What is expected: Only the lines from the one containing "Transcribe the Devanagari" through the end of the entries are wanted, retyped exactly and without pictures.

Provided data:

- Opening Delimiter -

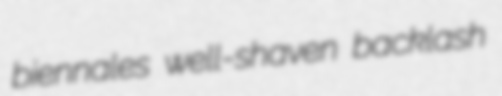
biennales well-shaven backlash
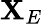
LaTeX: \mathbf{X}_{E}
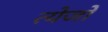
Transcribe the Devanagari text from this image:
त्येजो
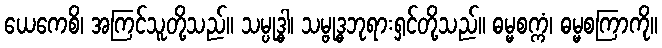
ယေကေစိ၊ အကြင်သူတို့သည်။ သမ္ပုဒ္ဓါ၊ သမ္ဗုဒ္ဓဘုရားရှင်တို့သည်။ ဓမ္မစက္ကံ၊ ဓမ္မစကြာကို။
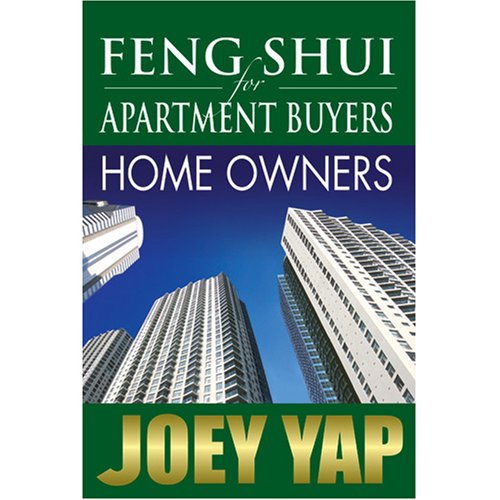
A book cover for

- Closing Delimiter -

Output for this task:
Transcribe the Devanagari text from this image:
त्येजो
ယေကေစိ၊ အကြင်သူတို့သည်။ သမ္ပုဒ္ဓါ၊ သမ္ဗုဒ္ဓဘုရားရှင်တို့သည်။ ဓမ္မစက္ကံ၊ ဓမ္မစကြာကို။
A book cover for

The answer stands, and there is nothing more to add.